Blood pressure can be a finicky thing. We all know about the risk of high blood pressure, but did you know low blood pressure can be problematic too? In this blog post we’ll explore what constitutes low blood pressure, why you might want to rebalance it, how to reduce your risk long term, some strategies for doing just that.
What is low blood pressure?
As we outlined in our previous blog post on high blood pressure, blood pressure is essentially the force of blood against the artery walls. Over the course of a day it goes up and down, but when it stays low for a period of time it becomes known as low blood pressure.
Your blood pressure consists of two numbers. The first is the systolic pressure, which measures the pressure when your heart pushes blood out. The second number is the diastolic pressure and this one measures the pressure when your heart rests between beats. According to the NHS, low blood pressure is a reading of less than 90/60mmHg.
Why might you want to rebalance low blood pressure?
The main reason for wanting to increase your blood pressure would be to alleviate symptoms such as feeling lightheaded, weak and sick, along with suffering from blurred vision, confusion and fainting.
Unfortunately, finding out why you have low blood pressure can be tricky. There are many causes of low blood pressure including anaemia, stress, vigorous exercise, pregnancy, a number of medical conditions and even some medications.
Low blood pressure is rarely solved with medicine, as the NHS states: "simple lifestyle measures or treating the underlying cause is usually effective."
The good news is, one of the most straightforward ways to alter your blood pressure is through the food and drink you consume. With that in mind, here is a dietary approach you can take to help rebalance your blood pressure.

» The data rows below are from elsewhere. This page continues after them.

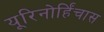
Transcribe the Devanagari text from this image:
यूरिनोर्हिंचास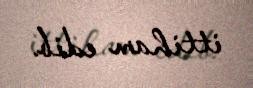
ittiham edib.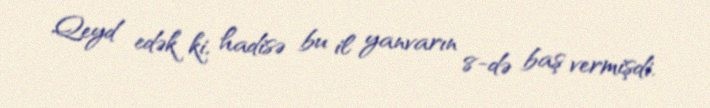
Qeyd edək ki, hadisə bu il yanvarın 8-də baş vermişdi.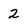
Character: 2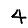
Digit: 4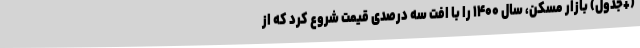
(+جدول) بازار مسکن، سال ۱۴۰۰ را با افت سه درصدی قیمت شروع کرد که از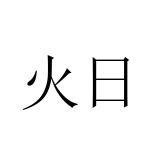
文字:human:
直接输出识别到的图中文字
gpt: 火日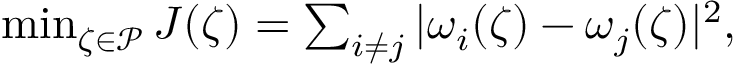
\begin{array} { r } { \operatorname* { m i n } _ { \zeta \in \mathcal { P } } J ( \zeta ) = \sum _ { i \neq j } | \omega _ { i } ( \zeta ) - \omega _ { j } ( \zeta ) | ^ { 2 } , } \end{array}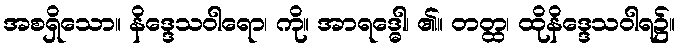
အစရှိသော။ နိဒ္ဒေသဝါရော၊ ကို။ အာရဒ္ဓေါ၊ ၏။ တတ္ထ၊ ထိုနိဒ္ဒေသဝါရ၌။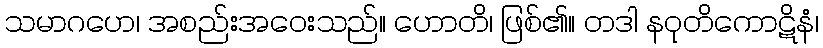
သမာဂဟေ၊ အစည်းအဝေးသည်။ ဟောတိ၊ ဖြစ်၏။ တဒါ နဝုတိကောဋိနံ၊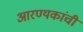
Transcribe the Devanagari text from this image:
आरण्यकांची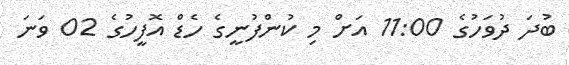
ބުދަ ދުވަހުގެ 11:00 އަށް މި ކުންފުނީގެ ހެޑް އޮފީހުގެ 02 ވަނަ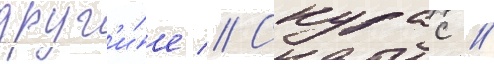
друг'и́е // Скурас /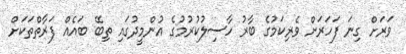
ވަރަށް ގިނަ ފަހަރަށް ވެރިކަމުގެ ބާރު ހާސިލުކުރުމުގެ އުންމީދުގައި ތިބޭ ބައެއް ފަރާތްތަކަށް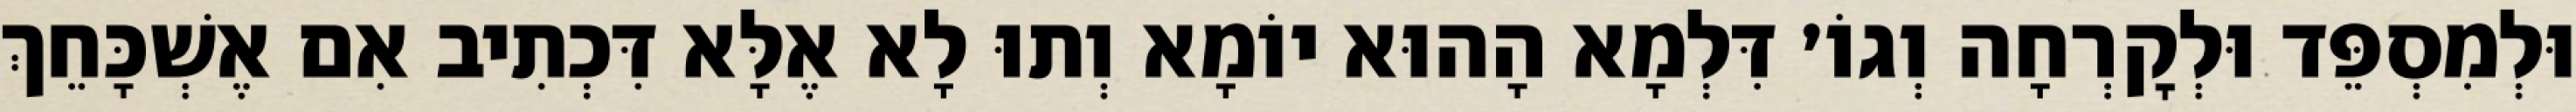
וּלְמִסְפֵּד וּלְקׇרְחָה וְגוֹ׳ דִּלְמָא הָהוּא יוֹמָא וְתוּ לָא אֶלָּא דִּכְתִיב אִם אֶשְׁכָּחֵךְ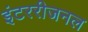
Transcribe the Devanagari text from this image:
इंटररीजनल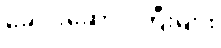
ခေါင်းဆောင်ကြီးများ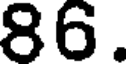
86.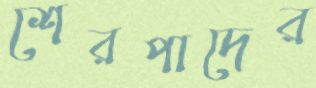
শেরপাদের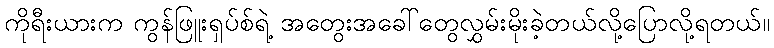
ကိုရီးယားက ကွန်ဖြူးရှပ်စ်ရဲ့ အတွေးအခေါ်တွေလွှမ်းမိုးခဲ့တယ်လို့ပြောလို့ရတယ်။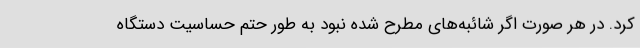
کرد. در هر صورت اگر شائبه‌های مطرح شده نبود به طور حتم حساسیت دستگاه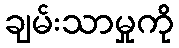
ချမ်းသာမှုကို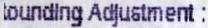
ROUNDING ADJUSTMENT :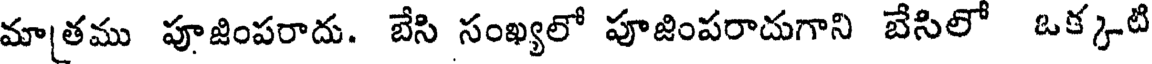
మా[తము పూజింపరాదు. బేసి సంఖ్యలో పూజింపరాదుగాని బేసిలో ఒక్కటి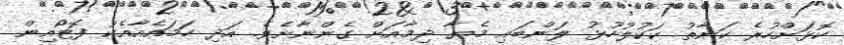
ކޮޅަށްހުރެ ކަނާތު ކަކުލުހުޅު ލަންބައި މެޔާ ދިމާއަށް ގެންނާށެވެ. އަދި ހަމައެއާއެކު ފޮޓޯއިން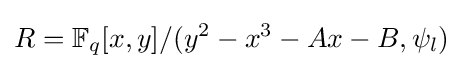
R=\mathbb {F} _{q}[x,y]/(y^{2}-x^{3}-Ax-B,\psi _{l})
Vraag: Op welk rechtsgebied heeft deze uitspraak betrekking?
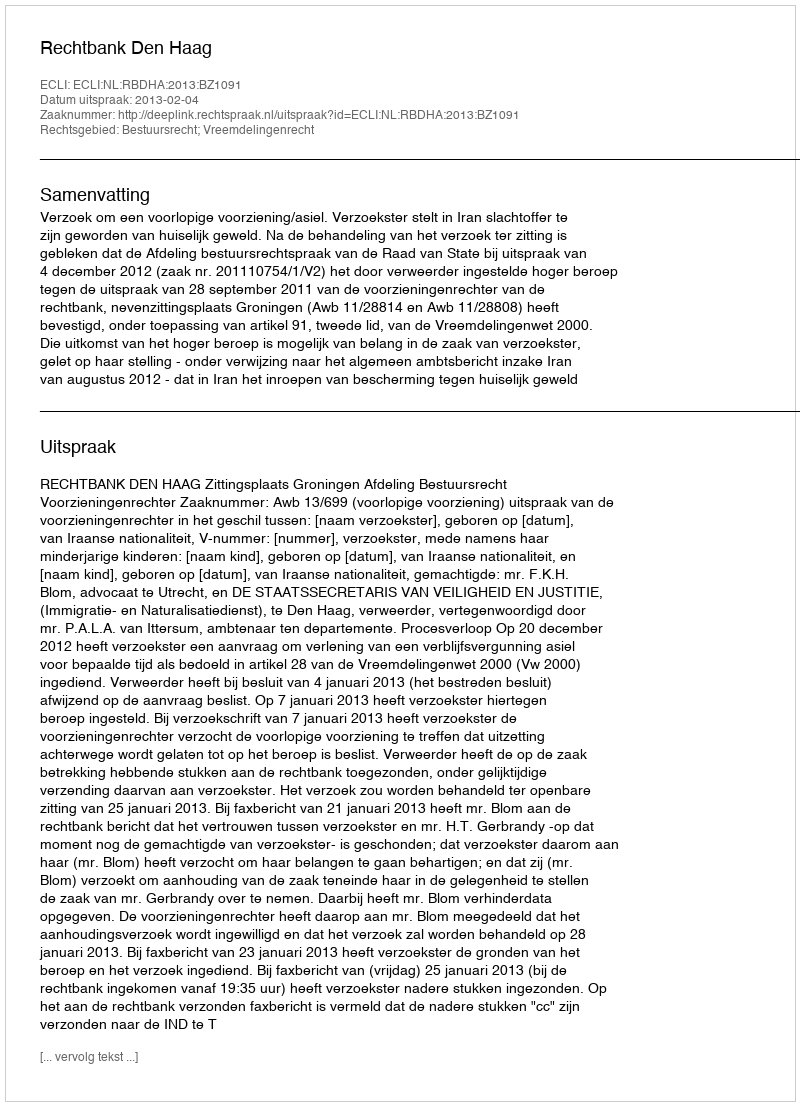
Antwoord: Bestuursrecht; Vreemdelingenrecht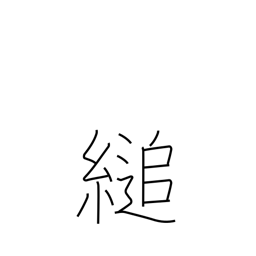
Meaning: hang on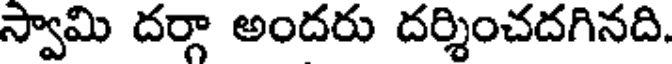
స్వామి దర్గా అందరు దర్శించదగినది.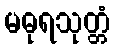
မဓုရသုတ္တံ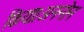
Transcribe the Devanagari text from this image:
किया।अननोन

Foods that help with low blood pressure
1. More fluids
If you’re worried about low blood pressure, one of the first simple changes to make is to drink more. When you’re dehydrated, your blood volume decreases which causes your blood pressure to drop. So it’s time to make BFFs with H2O.

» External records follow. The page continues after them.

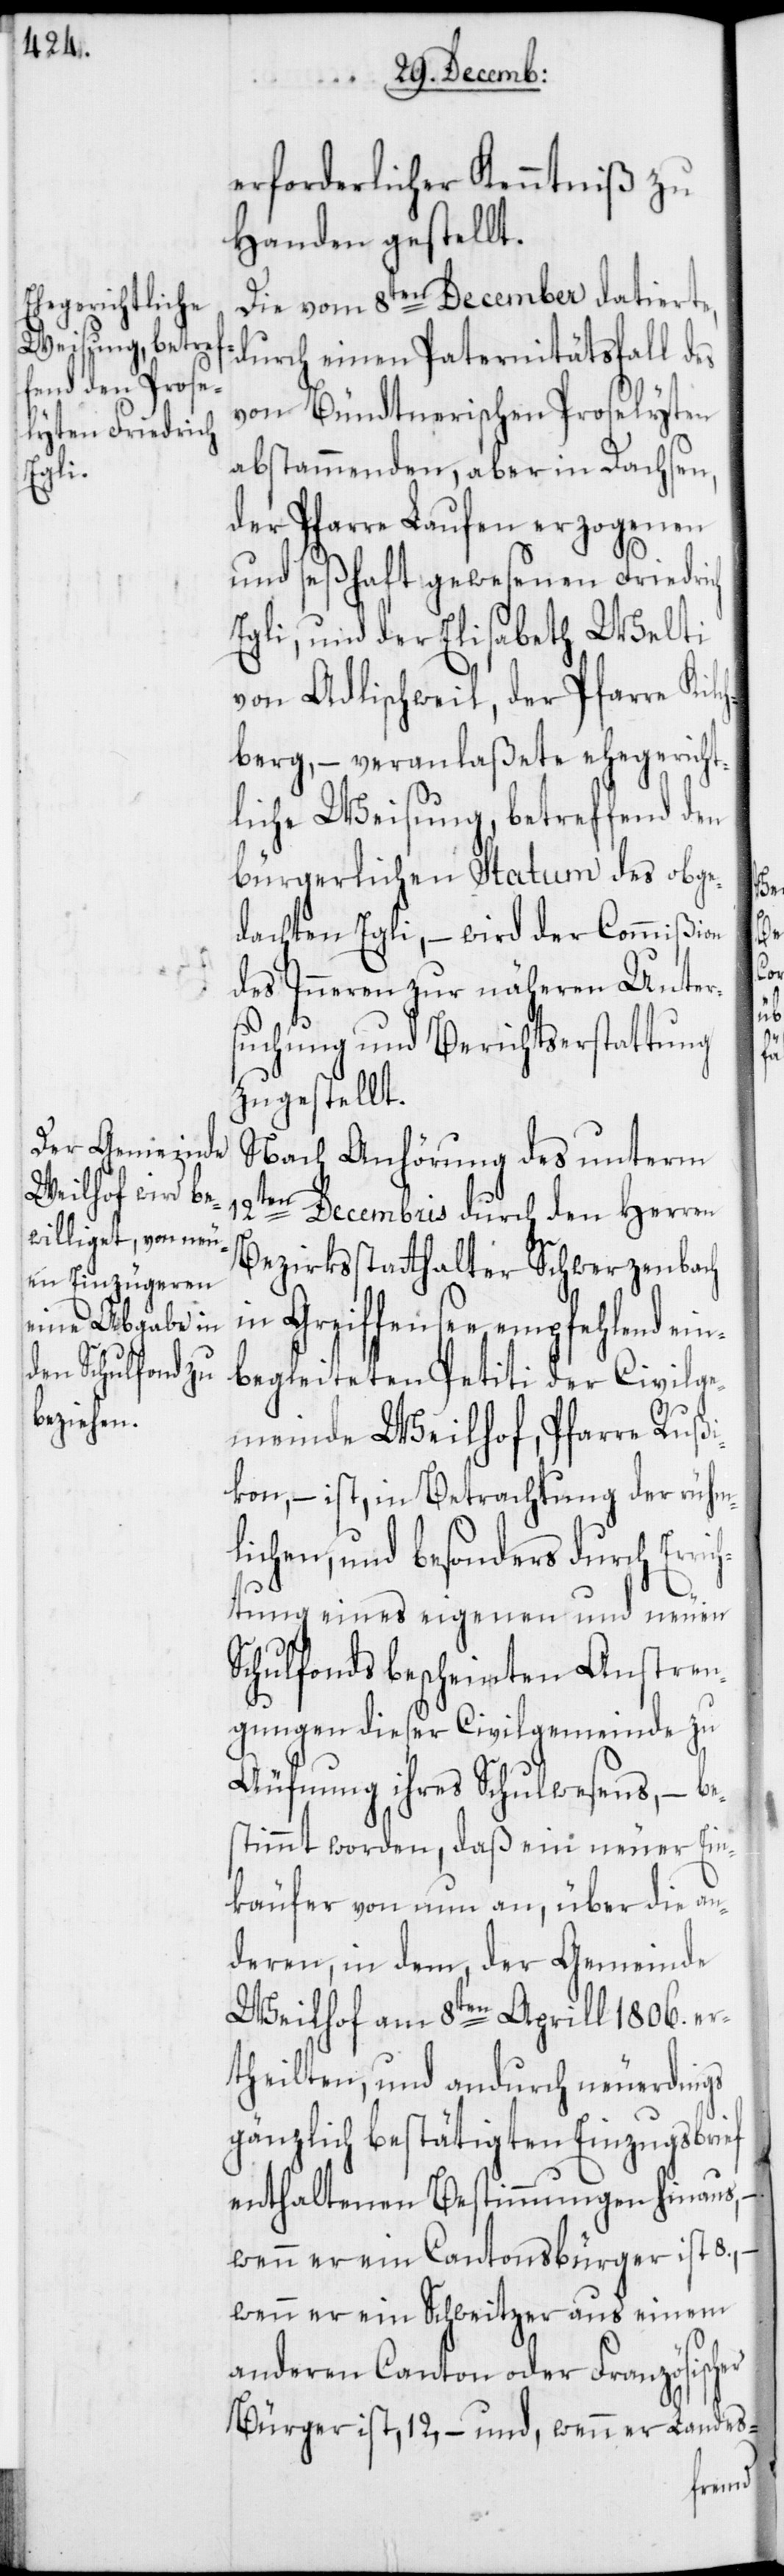
erforderlicher Kenntniß zu
Handen gestellt.
Die vom 8ten December datierte,
durch einen Paternitätsfall des
von Bündtnerischen Proselyten
abstammenden, aber in Dachsen,
der Pfarre Laufen erzogenen
und seßhaft gewesenen Friedrich
Egli, und der Elisabeth Welti
von Adlischweil, der Pfarre Kilc¬
hberg, – veranlaßete ehegericht¬
liche Weisung, betreffend den
bürgerlichen Statum des obge¬
dachten Egli, – wird der Commißion
des Inneren zur näheren Unter¬
suchung und Berichtserstattung
zugestellt.
Nach Anhörung des unterm
er
Decembris durch den Herren
Bezirksstatthalter Schwerzenbach
in Greiffensee empfehlend ei¬
nbegleiteten Petiti der Civilge¬
meinde Weilhof, Pfarre Rußi¬
kon, – ist, in Betrachtung der rühm¬
lichen, und besonders durch Err¬
ichtung eines eigenen und neuen
Schulfonds bescheinten Anstren¬
gungen dieser Civilgemeinde zu
Äufnung ihres Schulwesens, – be¬
stimmt worden, daß ein neuer Ein¬
käufer von nun an, über die an¬
deren, in dem, der Gemeinde
Weilhof am 8ten Aprill 1806. er¬
theilten, und andurch neuerdings
gänzlich bestätigten Einzugsbrief
enthaltenen Bestimmungen hinaus,
wenn er ein Cantonsbürger ist 8.,
wenn er ein Schweitzer aus einem
anderen Canton oder Französisch¬
Bürger ist, 12, – und wenn er Landes-

Not a fan of drinking water on it's own? Pep up plain water with a slice of fruit or keep your hydration game interesting with herbal teas. It’s especially important to make sure you’re drinking enough when exercising.
2. Boost B12
Research has found a B12 deficiency can contribute to low blood pressure. And while estimates indicate only 6% of the under-60s UK population is thought to have a B12 deficiency, certain groups are more likely to experience it such as those who have poor nutrition, are older than 60 or are following a vegan or vegetarian diet.
If your levels are low, it’s time to add a load of B12-packed goodies to your shopping list. Meat is a good source of B12, as are eggs which would be a good vegetarian alternative. Vegans may want to up their intake of fortified cereals and nutritional yeast. You might also consider a high quality B12 supplement.
3. Leafy greens
If your diet lacks folate, it could mean your body hasn’t got what it needs to produce enough red blood cells and this can sometimes result in low blood pressure.
Green leafy vegetables are an excellent, plant-based source of folate. Think kale, spinach and broccoli. Blitz them up into a warming winter soup or if you don’t like the taste, add a few greens to fruit smoothies or whizz into pasta sauces. All the goodness, none of the taste!
4. Beans and legumes
Another convenient source of folate is beans and legumes. Add a tin of lentils to your stews, casseroles and curries, or better yet cook up your own dried beans and enjoy a from-scratch folate boost to your meals.
If you've got a taste for this retro sweet - good news! Liquorice contains the compound glycyrrhizin, which can alter your levels of potassium and sodium, which help regulate body fluid. This in turn can raise your blood pressure. You'll only want to indulge every once in a while, though - glycyrrhizin is believed to be between 30 - 50 times sweeter than sugar!
6. Salty food
We all know that if you've got high blood pressure you need to cut back on salty foods, but the opposite is true if you want to reduce your blood pressure. This is not a green light for heading to your nearest takeaway and loading up on fries, sadly! Where possible, stick to healthier options that offer more nutrition than just salt. Think pickled vegetables and smoked fish - anyone for a Scandinavian Smörgåsbord?
Caffeine is believed to spike blood pressure as it kicks the cardiovascular system into action which in turn boosts your heart rate. That means there’s no need to cut out your daily cup of joe if you’re trying to ease low blood pressure.
Other means to rebalance low blood pressure
As well as a healthy diet, there are few other lifestyles tweaks you could experiment with when it comes to controlling blood pressure. For starters, take extra care as you transition from sitting to standing, as well as getting out of bed in the morning.
Speaking of bed, the NHS suggests raising it at the head end by around 15cm. When it comes to mealtime, try eating smaller but more frequent meals and try and schedule in some downtime afterwards so you’re not up and off straight away. Along with a few dietary changes, these simple tips could help you to rebalance your blood pressure and empower you to carry on living your very best life.